** Opening SUPPLIED RECORDS block **
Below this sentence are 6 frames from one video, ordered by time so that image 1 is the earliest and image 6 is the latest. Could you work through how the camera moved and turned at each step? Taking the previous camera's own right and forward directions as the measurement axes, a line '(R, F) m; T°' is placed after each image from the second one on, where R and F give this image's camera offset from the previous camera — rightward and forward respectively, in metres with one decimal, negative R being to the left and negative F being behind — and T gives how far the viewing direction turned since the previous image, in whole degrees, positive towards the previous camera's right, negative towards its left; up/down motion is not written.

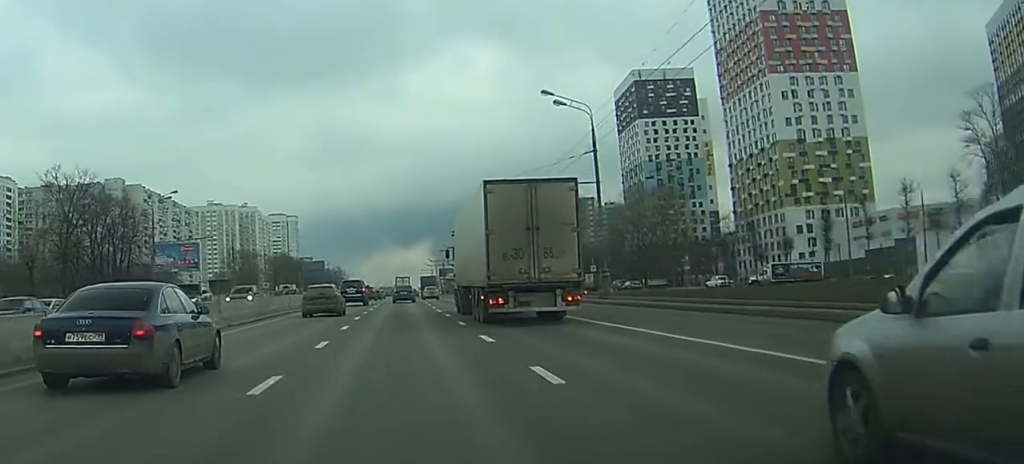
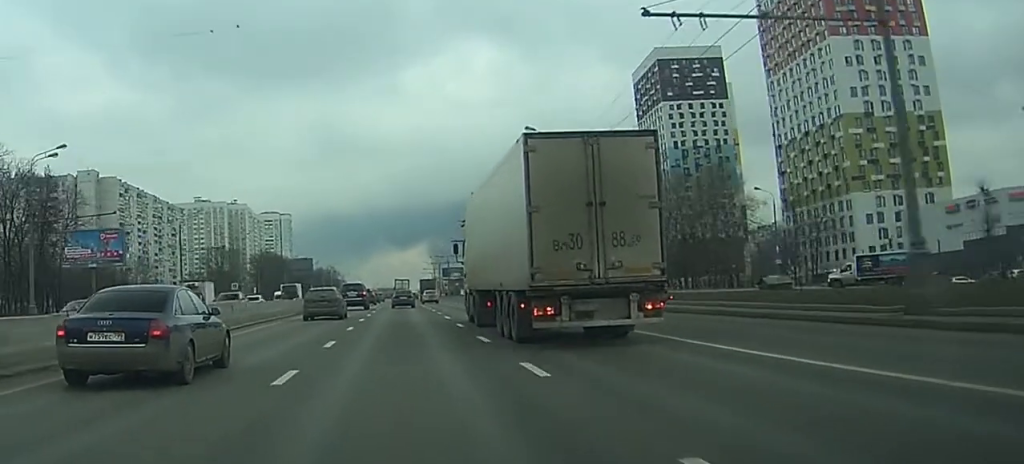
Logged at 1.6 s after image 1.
(0.0, +30.8) m; 0°
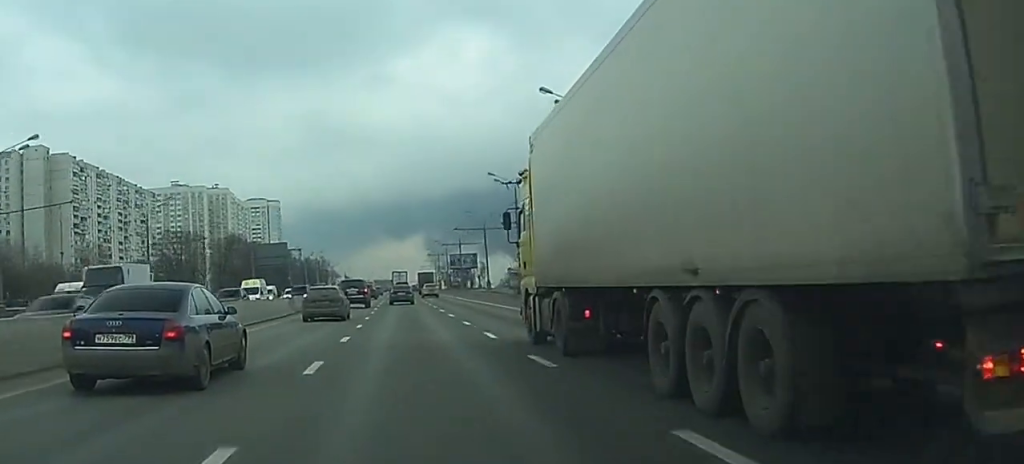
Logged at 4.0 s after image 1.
(+0.1, +46.8) m; 0°
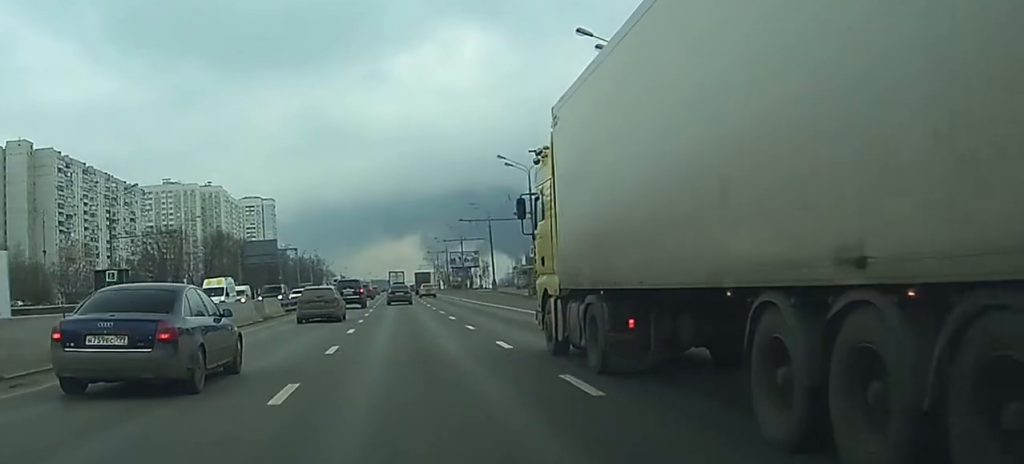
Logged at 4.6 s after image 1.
(0.0, +11.1) m; 0°
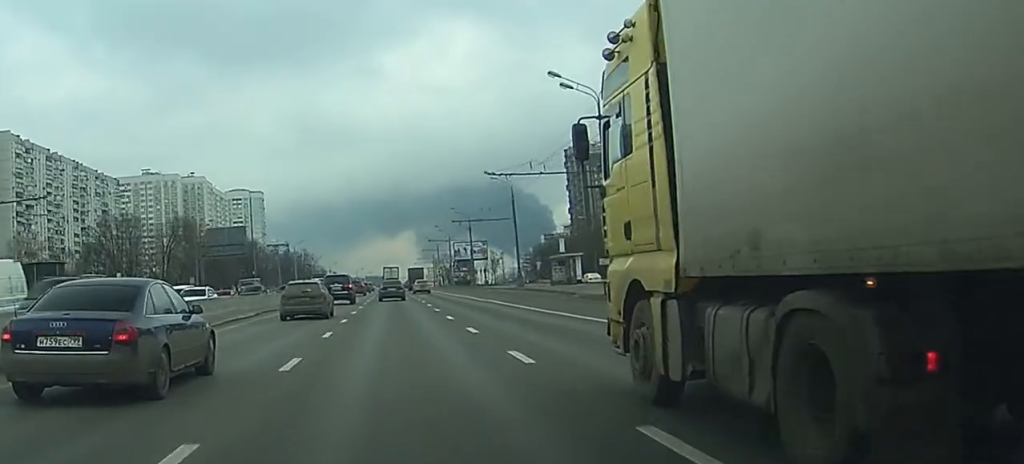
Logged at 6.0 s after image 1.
(+0.3, +28.6) m; 0°
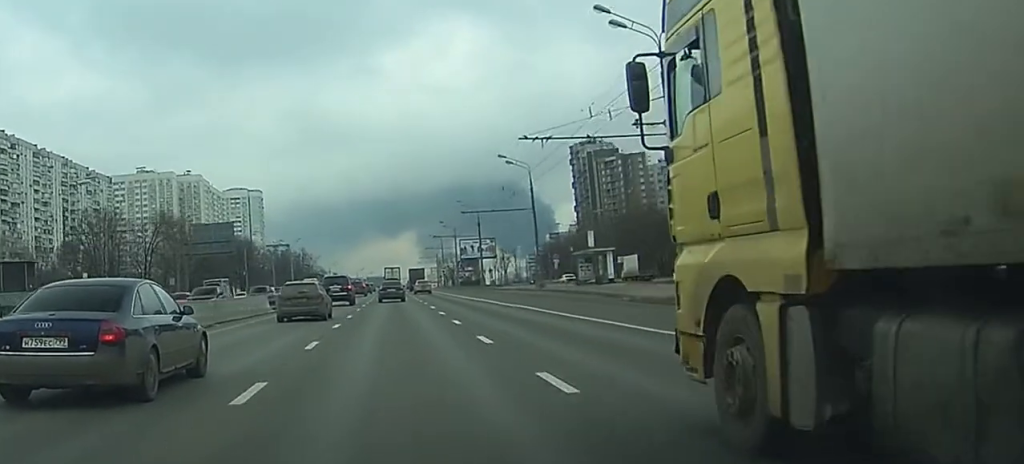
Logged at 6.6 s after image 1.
(-0.2, +11.5) m; -1°
** Closing SUPPLIED RECORDS block **
__WORK ITEM__.
Without any pictures, return the entries exactly as given.

__FINISHED TASK__.
Below this sentence are 6 frames from one video, ordered by time so that image 1 is the earliest and image 6 is the latest. Could you work through how the camera moved and turned at each step? Taking the previous camera's own right and forward directions as the measurement axes, a line '(R, F) m; T°' is placed after each image from the second one on, where R and F give this image's camera offset from the previous camera — rightward and forward respectively, in metres with one decimal, negative R being to the left and negative F being behind — and T gives how far the viewing direction turned since the previous image, in whole degrees, positive towards the previous camera's right, negative towards its left; up/down motion is not written.

Logged at 1.6 s after image 1.
(0.0, +30.8) m; 0°
Logged at 4.0 s after image 1.
(+0.1, +46.8) m; 0°
Logged at 4.6 s after image 1.
(0.0, +11.1) m; 0°
Logged at 6.0 s after image 1.
(+0.3, +28.6) m; 0°
Logged at 6.6 s after image 1.
(-0.2, +11.5) m; -1°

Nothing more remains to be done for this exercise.